Syllabus for Q750:

Recent Advances in Connectionist Models

(listed as "Neural Networks as Models of Cognition")

Spring 1996, Section 1972, Tu & Th 2:30-3:45, PY 230

Instructor: Prof. John K. Kruschke
Office: 855-3192, PY 336 by appt.
E-mail: kruschke@indiana.edu

Contents:

Description and Goals | Prerequisites | Schedule | Grading Method | Computers | Readings | Disclaimer

Course Description and Goals:

This course selectively surveys some recent applications of connectionist models to cognitive phenomena. The emphasis is on models that attempt to address detailed empirical data. We will not survey "generic" algorithms or architectures that are not directed at specific cognitive phenomena and empirical data.

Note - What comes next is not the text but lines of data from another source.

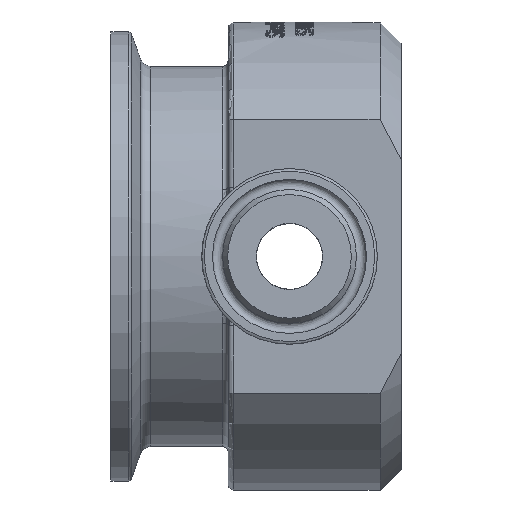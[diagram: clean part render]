
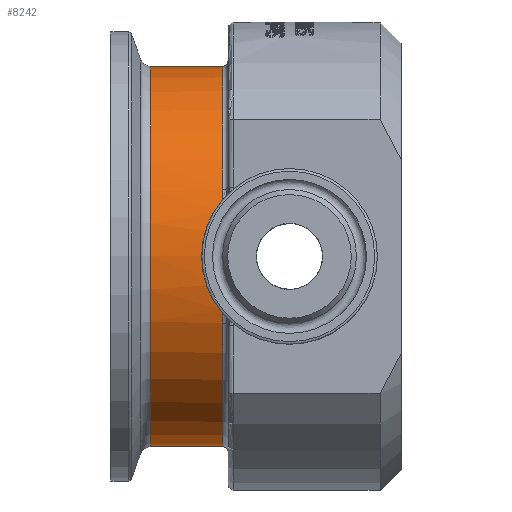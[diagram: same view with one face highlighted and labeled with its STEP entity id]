
A CAD part, left-side view. The second image highlights one B-rep face of the part: STEP entity #8242.
In plain terms, the highlighted cylindrical face has radius 27.051 mm (diameter 54.102 mm), a full revolution.
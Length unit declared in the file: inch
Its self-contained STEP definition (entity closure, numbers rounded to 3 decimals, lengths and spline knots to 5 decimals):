
#168=FACE_BOUND('',#2468,.T.);
#414=CYLINDRICAL_SURFACE('',#8762,1.065);
#1924=FACE_OUTER_BOUND('',#2467,.T.);
#2467=EDGE_LOOP('',(#7496));
#2468=EDGE_LOOP('',(#7497,#7498,#7499,#7500,#7501,#7502));
#2719=CIRCLE('',#8749,1.065);
#2721=CIRCLE('',#8752,1.065);
#2725=CIRCLE('',#8763,1.065);
#2744=B_SPLINE_CURVE_WITH_KNOTS('',3,(#10494,#10495,#10496,#10497,#10498,
#10499,#10500,#10501,#10502,#10503,#10504,#10505,#10506,#10507,#10508,#10509),
 .UNSPECIFIED.,.F.,.F.,(4,3,3,3,3,4),(0.49995,0.58281,
0.71359,0.84088,0.93944,1.),.UNSPECIFIED.);
#2746=B_SPLINE_CURVE_WITH_KNOTS('',3,(#10618,#10619,#10620,#10621,#10622,
#10623,#10624,#10625,#10626,#10627,#10628,#10629,#10630,#10631,#10632,#10633),
 .UNSPECIFIED.,.F.,.F.,(4,3,3,3,3,4),(0.,0.09665,0.20789,
0.35858,0.47234,0.49995),.UNSPECIFIED.);
#2763=B_SPLINE_CURVE_WITH_KNOTS('',3,(#11505,#11506,#11507,#11508,#11509,
#11510,#11511,#11512,#11513,#11514,#11515,#11516,#11517,#11518,#11519,#11520),
 .UNSPECIFIED.,.F.,.F.,(4,3,3,3,3,4),(0.49995,0.58281,
0.71359,0.84088,0.93944,1.),.UNSPECIFIED.);
#2765=B_SPLINE_CURVE_WITH_KNOTS('',3,(#11629,#11630,#11631,#11632,#11633,
#11634,#11635,#11636,#11637,#11638,#11639,#11640,#11641,#11642,#11643,#11644),
 .UNSPECIFIED.,.F.,.F.,(4,3,3,3,3,4),(0.,0.09665,0.20789,
0.35858,0.47234,0.49995),.UNSPECIFIED.);
#3167=VERTEX_POINT('',#10485);
#3168=VERTEX_POINT('',#10493);
#3170=VERTEX_POINT('',#10616);
#3191=VERTEX_POINT('',#11496);
#3192=VERTEX_POINT('',#11504);
#3194=VERTEX_POINT('',#11627);
#3960=VERTEX_POINT('',#19330);
#3980=EDGE_CURVE('',#3167,#3168,#2744,.T.);
#3984=EDGE_CURVE('',#3170,#3167,#2746,.T.);
#4014=EDGE_CURVE('',#3191,#3192,#2763,.T.);
#4018=EDGE_CURVE('',#3194,#3191,#2765,.T.);
#5139=EDGE_CURVE('',#3192,#3170,#2719,.T.);
#5141=EDGE_CURVE('',#3168,#3194,#2721,.T.);
#5158=EDGE_CURVE('',#3960,#3960,#2725,.T.);
#7496=ORIENTED_EDGE('',*,*,#5158,.F.);
#7497=ORIENTED_EDGE('',*,*,#3984,.F.);
#7498=ORIENTED_EDGE('',*,*,#5139,.F.);
#7499=ORIENTED_EDGE('',*,*,#4014,.F.);
#7500=ORIENTED_EDGE('',*,*,#4018,.F.);
#7501=ORIENTED_EDGE('',*,*,#5141,.F.);
#7502=ORIENTED_EDGE('',*,*,#3980,.F.);
#8242=ADVANCED_FACE('',(#1924,#168),#414,.T.);
#8749=AXIS2_PLACEMENT_3D('',#19294,#10256,#10257);
#8752=AXIS2_PLACEMENT_3D('',#19297,#10262,#10263);
#8762=AXIS2_PLACEMENT_3D('',#19329,#10293,#10294);
#8763=AXIS2_PLACEMENT_3D('',#19331,#10295,#10296);
#10256=DIRECTION('center_axis',(0.,-1.,0.));
#10257=DIRECTION('ref_axis',(0.,0.,-1.));
#10262=DIRECTION('center_axis',(0.,-1.,0.));
#10263=DIRECTION('ref_axis',(0.,0.,1.));
#10293=DIRECTION('center_axis',(0.,-1.,0.));
#10294=DIRECTION('ref_axis',(1.,0.,0.));
#10295=DIRECTION('center_axis',(0.,1.,0.));
#10296=DIRECTION('ref_axis',(-1.,0.,0.));
#10485=CARTESIAN_POINT('',(1.065,-0.626,0.));
#10493=CARTESIAN_POINT('',(0.99674,-0.626,0.37514));
#10494=CARTESIAN_POINT('Ctrl Pts',(1.06501,-0.626,
0.));
#10495=CARTESIAN_POINT('Ctrl Pts',(1.06502,-0.626,
0.02504));
#10496=CARTESIAN_POINT('Ctrl Pts',(1.06414,-0.626,
0.05008));
#10497=CARTESIAN_POINT('Ctrl Pts',(1.06228,-0.626,
0.07606));
#10498=CARTESIAN_POINT('Ctrl Pts',(1.05934,-0.626,
0.11707));
#10499=CARTESIAN_POINT('Ctrl Pts',(1.05367,-0.626,
0.1602));
#10500=CARTESIAN_POINT('Ctrl Pts',(1.04599,-0.626,
0.20033));
#10501=CARTESIAN_POINT('Ctrl Pts',(1.03851,-0.626,
0.23939));
#10502=CARTESIAN_POINT('Ctrl Pts',(1.02929,-0.626,
0.27498));
#10503=CARTESIAN_POINT('Ctrl Pts',(1.02109,-0.626,
0.30265));
#10504=CARTESIAN_POINT('Ctrl Pts',(1.01474,-0.626,0.32407));
#10505=CARTESIAN_POINT('Ctrl Pts',(1.00913,-0.626,
0.3407));
#10506=CARTESIAN_POINT('Ctrl Pts',(1.00453,-0.626,
0.35375));
#10507=CARTESIAN_POINT('Ctrl Pts',(1.00171,-0.626,
0.36176));
#10508=CARTESIAN_POINT('Ctrl Pts',(0.99924,-0.626,
0.3685));
#10509=CARTESIAN_POINT('Ctrl Pts',(0.99674,-0.626,
0.37514));
#10616=CARTESIAN_POINT('',(0.99674,-0.626,-0.37514));
#10618=CARTESIAN_POINT('Ctrl Pts',(0.99674,-0.626,
-0.37514));
#10619=CARTESIAN_POINT('Ctrl Pts',(1.00073,-0.626,
-0.36454));
#10620=CARTESIAN_POINT('Ctrl Pts',(1.00477,-0.626,
-0.35345));
#10621=CARTESIAN_POINT('Ctrl Pts',(1.00995,-0.626,
-0.33797));
#10622=CARTESIAN_POINT('Ctrl Pts',(1.01592,-0.626,
-0.32015));
#10623=CARTESIAN_POINT('Ctrl Pts',(1.02331,-0.626,
-0.29656));
#10624=CARTESIAN_POINT('Ctrl Pts',(1.03081,-0.626,
-0.26768));
#10625=CARTESIAN_POINT('Ctrl Pts',(1.04097,-0.626,
-0.22856));
#10626=CARTESIAN_POINT('Ctrl Pts',(1.05077,-0.626,-0.18018));
#10627=CARTESIAN_POINT('Ctrl Pts',(1.0568,-0.626,
-0.13194));
#10628=CARTESIAN_POINT('Ctrl Pts',(1.06134,-0.626,-0.09551));
#10629=CARTESIAN_POINT('Ctrl Pts',(1.06389,-0.626,
-0.05958));
#10630=CARTESIAN_POINT('Ctrl Pts',(1.06471,-0.626,
-0.02506));
#10631=CARTESIAN_POINT('Ctrl Pts',(1.0649,-0.626,
-0.01669));
#10632=CARTESIAN_POINT('Ctrl Pts',(1.065,-0.626,
-0.00834));
#10633=CARTESIAN_POINT('Ctrl Pts',(1.06501,-0.626,
0.));
#11496=CARTESIAN_POINT('',(-1.065,-0.626,0.));
#11504=CARTESIAN_POINT('',(-0.99674,-0.626,-0.37514));
#11505=CARTESIAN_POINT('Ctrl Pts',(-1.06501,-0.626,
0.));
#11506=CARTESIAN_POINT('Ctrl Pts',(-1.06502,-0.626,
-0.02504));
#11507=CARTESIAN_POINT('Ctrl Pts',(-1.06414,-0.626,
-0.05008));
#11508=CARTESIAN_POINT('Ctrl Pts',(-1.06228,-0.626,
-0.07606));
#11509=CARTESIAN_POINT('Ctrl Pts',(-1.05934,-0.626,
-0.11707));
#11510=CARTESIAN_POINT('Ctrl Pts',(-1.05367,-0.626,
-0.1602));
#11511=CARTESIAN_POINT('Ctrl Pts',(-1.04599,-0.626,
-0.20033));
#11512=CARTESIAN_POINT('Ctrl Pts',(-1.03851,-0.626,
-0.23939));
#11513=CARTESIAN_POINT('Ctrl Pts',(-1.02929,-0.626,
-0.27498));
#11514=CARTESIAN_POINT('Ctrl Pts',(-1.02109,-0.626,
-0.30265));
#11515=CARTESIAN_POINT('Ctrl Pts',(-1.01474,-0.626,
-0.32407));
#11516=CARTESIAN_POINT('Ctrl Pts',(-1.00913,-0.626,
-0.3407));
#11517=CARTESIAN_POINT('Ctrl Pts',(-1.00453,-0.626,
-0.35375));
#11518=CARTESIAN_POINT('Ctrl Pts',(-1.00171,-0.626,
-0.36176));
#11519=CARTESIAN_POINT('Ctrl Pts',(-0.99924,-0.626,
-0.3685));
#11520=CARTESIAN_POINT('Ctrl Pts',(-0.99674,-0.626,
-0.37514));
#11627=CARTESIAN_POINT('',(-0.99674,-0.626,0.37514));
#11629=CARTESIAN_POINT('Ctrl Pts',(-0.99674,-0.626,
0.37514));
#11630=CARTESIAN_POINT('Ctrl Pts',(-1.00073,-0.626,
0.36454));
#11631=CARTESIAN_POINT('Ctrl Pts',(-1.00477,-0.626,
0.35345));
#11632=CARTESIAN_POINT('Ctrl Pts',(-1.00995,-0.626,
0.33797));
#11633=CARTESIAN_POINT('Ctrl Pts',(-1.01592,-0.626,
0.32015));
#11634=CARTESIAN_POINT('Ctrl Pts',(-1.02331,-0.626,
0.29656));
#11635=CARTESIAN_POINT('Ctrl Pts',(-1.03081,-0.626,
0.26768));
#11636=CARTESIAN_POINT('Ctrl Pts',(-1.04097,-0.626,
0.22856));
#11637=CARTESIAN_POINT('Ctrl Pts',(-1.05077,-0.626,
0.18018));
#11638=CARTESIAN_POINT('Ctrl Pts',(-1.0568,-0.626,
0.13194));
#11639=CARTESIAN_POINT('Ctrl Pts',(-1.06134,-0.626,
0.09551));
#11640=CARTESIAN_POINT('Ctrl Pts',(-1.06389,-0.626,
0.05958));
#11641=CARTESIAN_POINT('Ctrl Pts',(-1.06471,-0.626,
0.02506));
#11642=CARTESIAN_POINT('Ctrl Pts',(-1.0649,-0.626,
0.01669));
#11643=CARTESIAN_POINT('Ctrl Pts',(-1.065,-0.626,
0.00834));
#11644=CARTESIAN_POINT('Ctrl Pts',(-1.06501,-0.626,
0.));
#19294=CARTESIAN_POINT('Origin',(0.,-0.626,
0.));
#19297=CARTESIAN_POINT('Origin',(0.,-0.626,
0.));
#19329=CARTESIAN_POINT('Origin',(0.,-0.90278,
0.));
#19330=CARTESIAN_POINT('',(1.065,-0.22258,0.));
#19331=CARTESIAN_POINT('Origin',(0.,-0.22258,
0.));

The survey will be accomplished by reading and discussing various journal articles. Each student will lead (or co-lead) discussion of selected articles.

Each student will also program, from scratch, a connectionist model applied to cognitive phenomena of his or her choice. The model could be a novel architecture or an existing model applied to new phenomena. The last few weeks of the course will be devoted to presentations of these projects.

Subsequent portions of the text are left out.